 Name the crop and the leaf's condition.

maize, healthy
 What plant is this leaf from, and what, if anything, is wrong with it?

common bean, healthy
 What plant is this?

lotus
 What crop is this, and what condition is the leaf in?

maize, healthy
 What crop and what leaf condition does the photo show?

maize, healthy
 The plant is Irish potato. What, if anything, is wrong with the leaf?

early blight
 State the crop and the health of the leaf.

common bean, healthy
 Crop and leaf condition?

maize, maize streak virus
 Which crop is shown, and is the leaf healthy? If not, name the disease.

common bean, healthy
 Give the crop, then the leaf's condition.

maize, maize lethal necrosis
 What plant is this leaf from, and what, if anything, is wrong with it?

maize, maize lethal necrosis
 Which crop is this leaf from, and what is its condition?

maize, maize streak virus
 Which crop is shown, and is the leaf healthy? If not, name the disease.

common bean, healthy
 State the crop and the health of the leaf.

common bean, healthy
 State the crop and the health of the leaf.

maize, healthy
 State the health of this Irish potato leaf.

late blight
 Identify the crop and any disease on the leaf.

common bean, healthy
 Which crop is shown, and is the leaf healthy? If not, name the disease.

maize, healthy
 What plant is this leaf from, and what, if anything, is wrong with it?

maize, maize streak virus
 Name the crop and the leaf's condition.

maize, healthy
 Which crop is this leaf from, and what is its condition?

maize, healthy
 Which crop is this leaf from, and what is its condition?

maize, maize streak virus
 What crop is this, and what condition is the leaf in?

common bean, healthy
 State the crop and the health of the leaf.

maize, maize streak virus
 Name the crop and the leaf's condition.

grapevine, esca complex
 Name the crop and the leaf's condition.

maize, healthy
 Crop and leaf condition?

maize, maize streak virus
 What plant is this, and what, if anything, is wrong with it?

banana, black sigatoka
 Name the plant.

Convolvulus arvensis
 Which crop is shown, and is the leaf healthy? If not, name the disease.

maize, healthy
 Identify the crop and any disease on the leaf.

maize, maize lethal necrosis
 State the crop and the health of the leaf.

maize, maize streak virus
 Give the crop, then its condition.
□ □ □
=== Prompt ===
Your answer should repeat every entry exactly.

=== Solved problem ===
 Name the crop and the leaf's condition.

maize, healthy
 What plant is this leaf from, and what, if anything, is wrong with it?

common bean, healthy
 What plant is this?

lotus
 What crop is this, and what condition is the leaf in?

maize, healthy
 What crop and what leaf condition does the photo show?

maize, healthy
 The plant is Irish potato. What, if anything, is wrong with the leaf?

early blight
 State the crop and the health of the leaf.

common bean, healthy
 Crop and leaf condition?

maize, maize streak virus
 Which crop is shown, and is the leaf healthy? If not, name the disease.

common bean, healthy
 Give the crop, then the leaf's condition.

maize, maize lethal necrosis
 What plant is this leaf from, and what, if anything, is wrong with it?

maize, maize lethal necrosis
 Which crop is this leaf from, and what is its condition?

maize, maize streak virus
 Which crop is shown, and is the leaf healthy? If not, name the disease.

common bean, healthy
 State the crop and the health of the leaf.

common bean, healthy
 State the crop and the health of the leaf.

maize, healthy
 State the health of this Irish potato leaf.

late blight
 Identify the crop and any disease on the leaf.

common bean, healthy
 Which crop is shown, and is the leaf healthy? If not, name the disease.

maize, healthy
 What plant is this leaf from, and what, if anything, is wrong with it?

maize, maize streak virus
 Name the crop and the leaf's condition.

maize, healthy
 Which crop is this leaf from, and what is its condition?

maize, healthy
 Which crop is this leaf from, and what is its condition?

maize, maize streak virus
 What crop is this, and what condition is the leaf in?

common bean, healthy
 State the crop and the health of the leaf.

maize, maize streak virus
 Name the crop and the leaf's condition.

grapevine, esca complex
 Name the crop and the leaf's condition.

maize, healthy
 Crop and leaf condition?

maize, maize streak virus
 What plant is this, and what, if anything, is wrong with it?

banana, black sigatoka
 Name the plant.

Convolvulus arvensis
 Which crop is shown, and is the leaf healthy? If not, name the disease.

maize, healthy
 Identify the crop and any disease on the leaf.

maize, maize lethal necrosis
 State the crop and the health of the leaf.

maize, maize streak virus
 Give the crop, then its condition.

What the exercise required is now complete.